Maple was effective. The Tuskens were retreating. Alwine could only nod to that, but the worry was still pretty much evident in her face.

And then there was Laertia again. Alwine narrowed her eyes, but did not interfere as the two spoke. Laertia's accent was hard for her to follow, but she made due. But apparently… Laertia wasn't a potential enemy? Now Alwine was just confused, but she offered another nod at the introduction nonetheless and made to follow.

"They want the werewolf," she replied, finally finding a way to squeeze herself into the conversation. She did not exactly know who this Laertia was, but she did not trust her at present. Maple seemed to, at least to the extent of speaking with her and agreeing to go to her ship. Was Maple all right? Alwine didn't think so, "someone parading as one, anyway. He or she massacred many of their people. I believe Maple called it anakeeng them. I do not suppose you have any notion of that?"

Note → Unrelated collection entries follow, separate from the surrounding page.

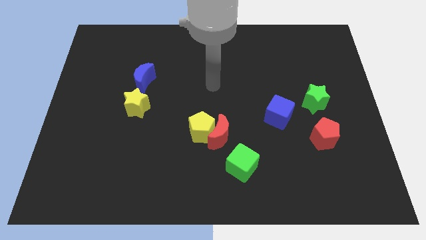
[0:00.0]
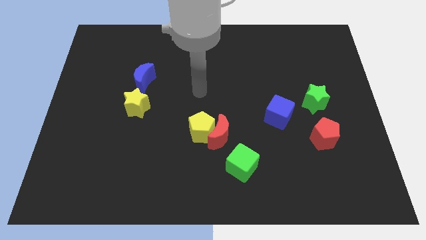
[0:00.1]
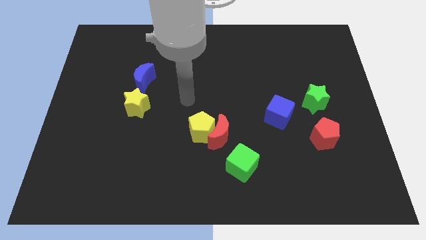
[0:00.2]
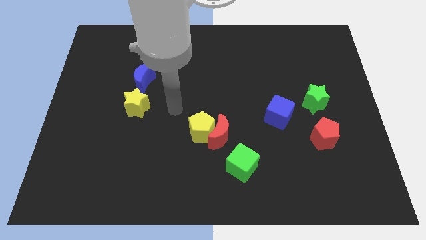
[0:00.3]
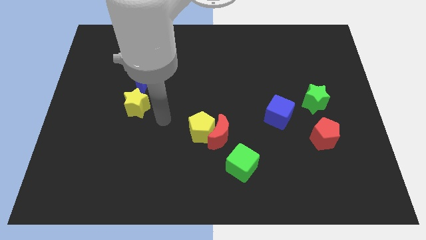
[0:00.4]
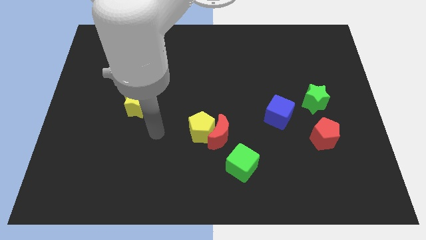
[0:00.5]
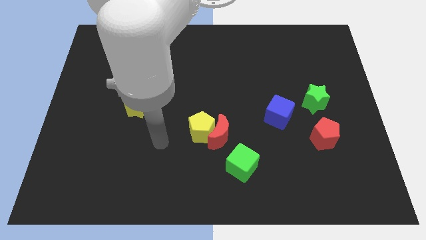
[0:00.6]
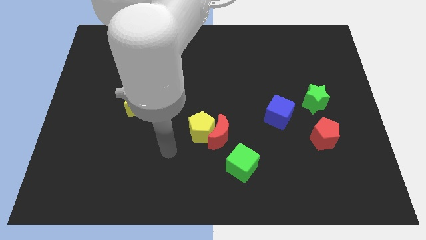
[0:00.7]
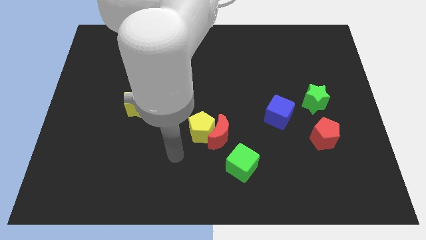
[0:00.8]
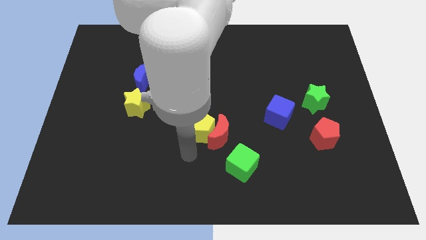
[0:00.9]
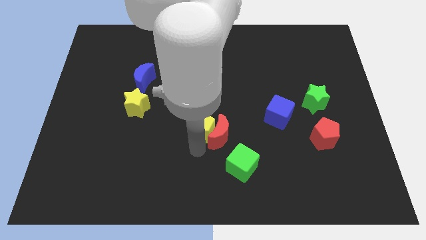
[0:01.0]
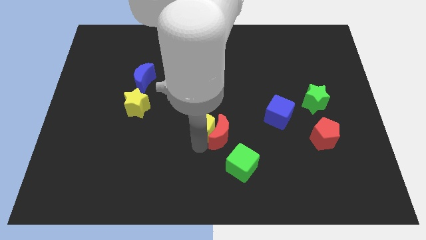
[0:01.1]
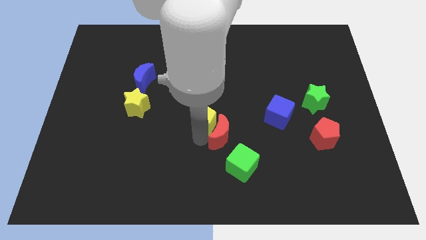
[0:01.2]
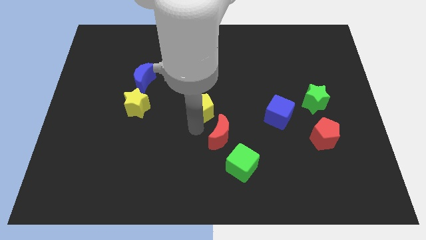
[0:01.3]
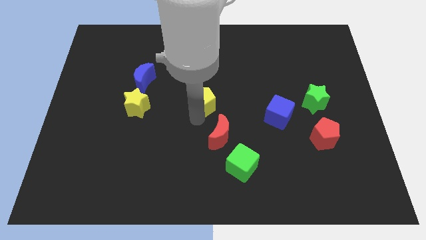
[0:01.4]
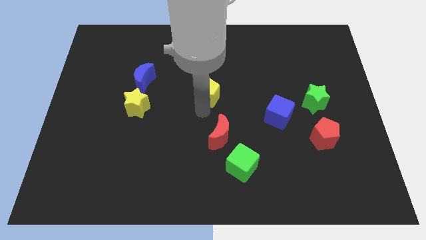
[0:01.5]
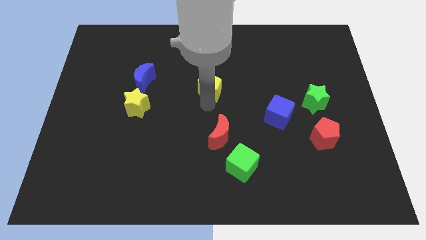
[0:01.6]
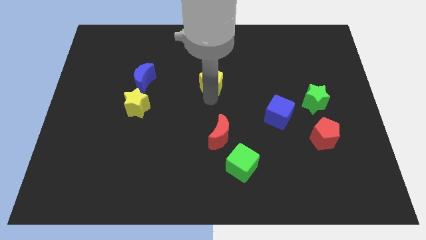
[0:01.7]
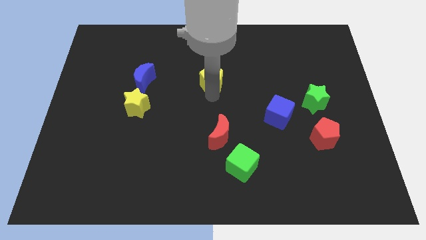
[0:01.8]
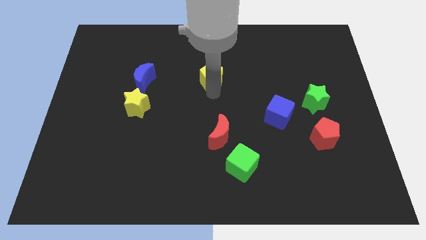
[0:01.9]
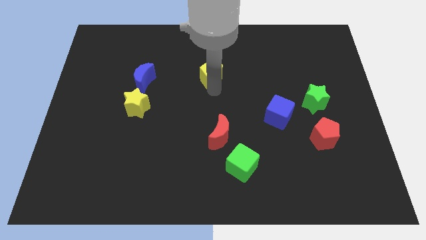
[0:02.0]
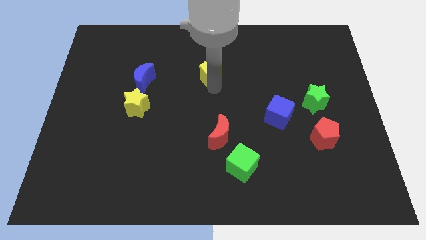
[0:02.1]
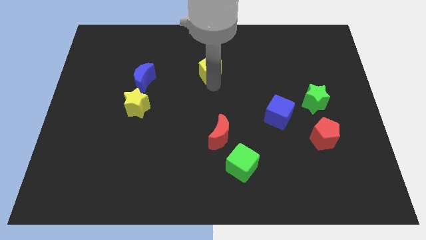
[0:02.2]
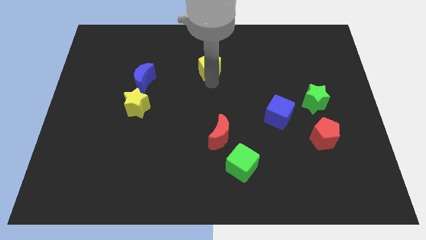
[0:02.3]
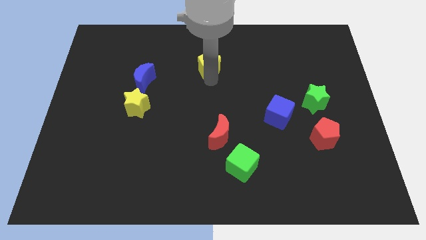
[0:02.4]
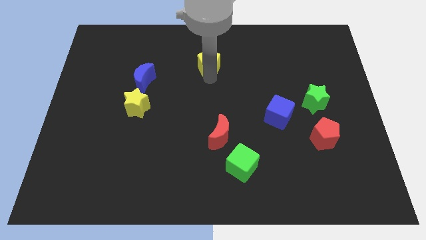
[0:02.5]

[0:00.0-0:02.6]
separate the yellow pentagon from the red moon

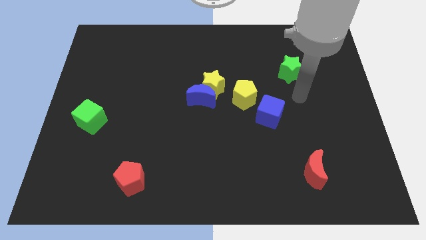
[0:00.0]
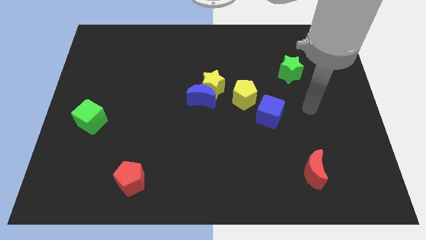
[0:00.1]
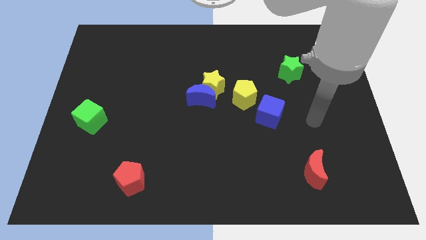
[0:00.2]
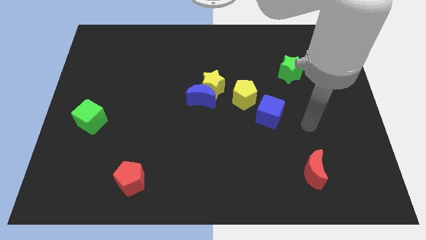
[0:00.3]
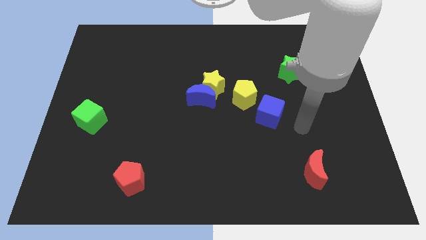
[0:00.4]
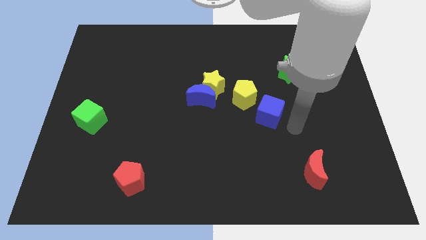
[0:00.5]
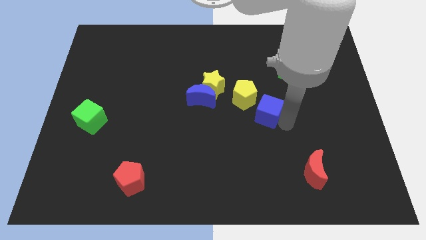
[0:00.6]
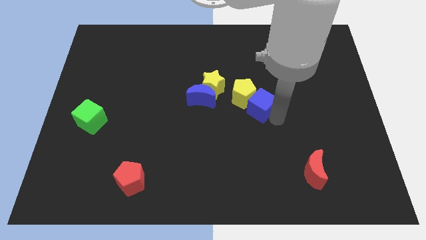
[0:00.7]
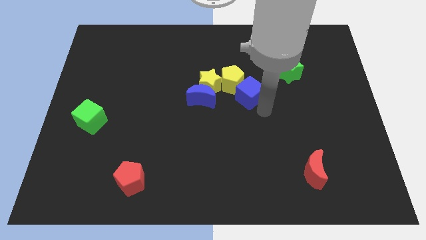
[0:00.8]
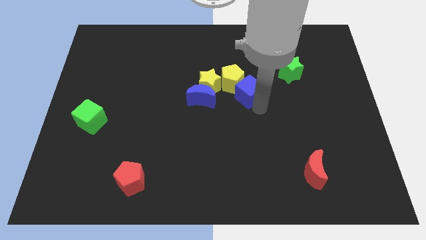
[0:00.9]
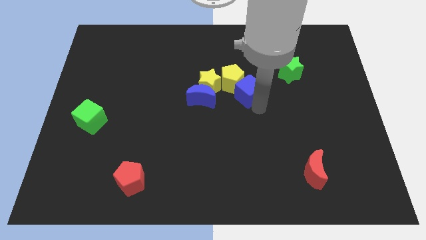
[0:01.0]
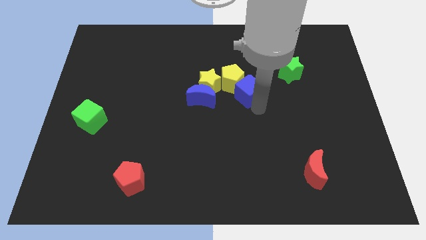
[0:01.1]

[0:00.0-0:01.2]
push the blue cube into the yellow pentagon

And there it was. Now Alwine had someone to suspect for no other reason than the fact that something between her and Maple wasn't entirely right.

[member="Maple Harte"]
 
My sentence is for open war; of wiles

More unexpert, I boast not: them let those

Contrive who need; or when they need, not now.

--John Milton, from Paradise Lost



With: Moya Virtu (http://starwarsrp.net/topic/138583-alchemized-biot-moya-virtu/)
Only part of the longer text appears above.